June 04, 2006

Is Campbell a “Made Man”?

Posted by: Ingmar on http://PEJ.org Saturday, June 25, 2005 - 01:58 PM

743 Reads

With Enough Rumours to End His Career, How Come the Media Leave Him Alone
The Republic - by Kevin Potvin:The media establishment in British Columbia is infamous for its vicious aim when it comes to public figures caught in the headlights of scandals. Or rather, it used to be. In the past, politics in BC was universally regarded as a blood sport, and that blood—usually that of whomever the sitting Premier of the day was—was largely spilled down the blades of grinning media hacks. But during the last four years, despite a thick odour of scandal wafting over the province, Gordon Campbell and the Liberals have miraculously escaped the slightest nick.

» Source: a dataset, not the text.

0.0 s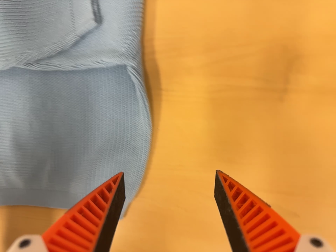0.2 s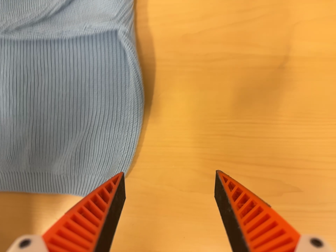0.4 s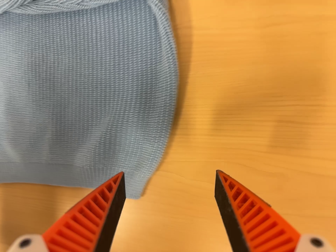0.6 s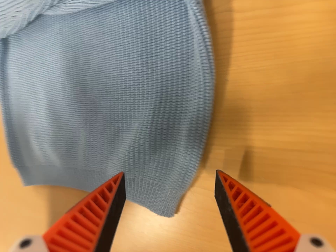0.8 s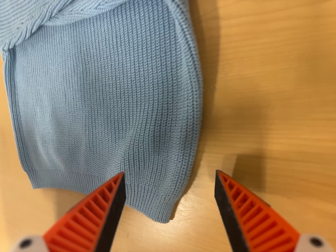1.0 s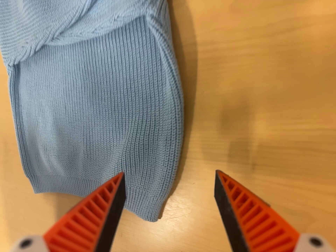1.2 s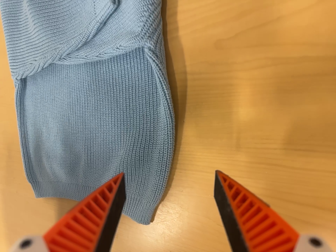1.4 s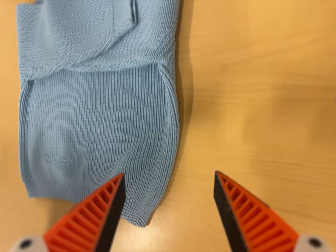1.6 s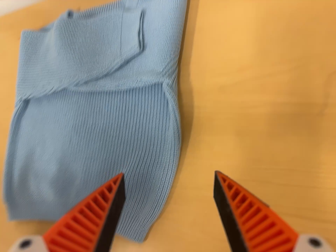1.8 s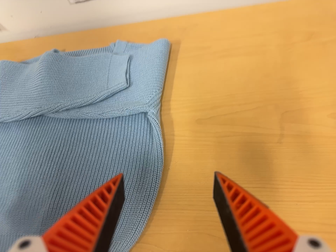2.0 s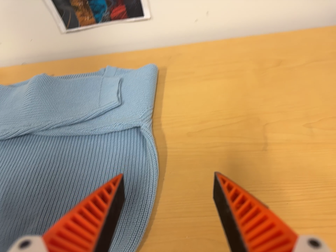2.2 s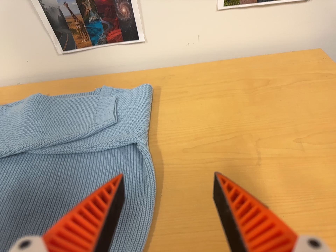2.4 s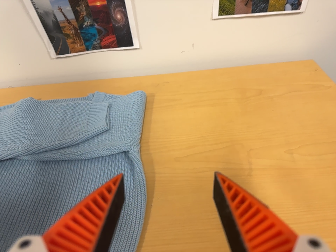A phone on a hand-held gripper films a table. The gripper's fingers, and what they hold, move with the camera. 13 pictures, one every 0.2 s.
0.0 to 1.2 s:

Premier Bill Vander Zalm and his Social Credit regime were left for the vultures even before he was spotted at the Bayshore Hotel slipping that famous envelope into his vest pocket. The media stalwarts fired away at the crumbling smile to the point where collateral damage spread to his wife, Lillian, crucified wearing a crown of terrycloth. There was no let-up on successor Rita Johnstone. The gangland-style execution had been so thorough, the Socred party looked like Bonny and Clyde’s car by the end.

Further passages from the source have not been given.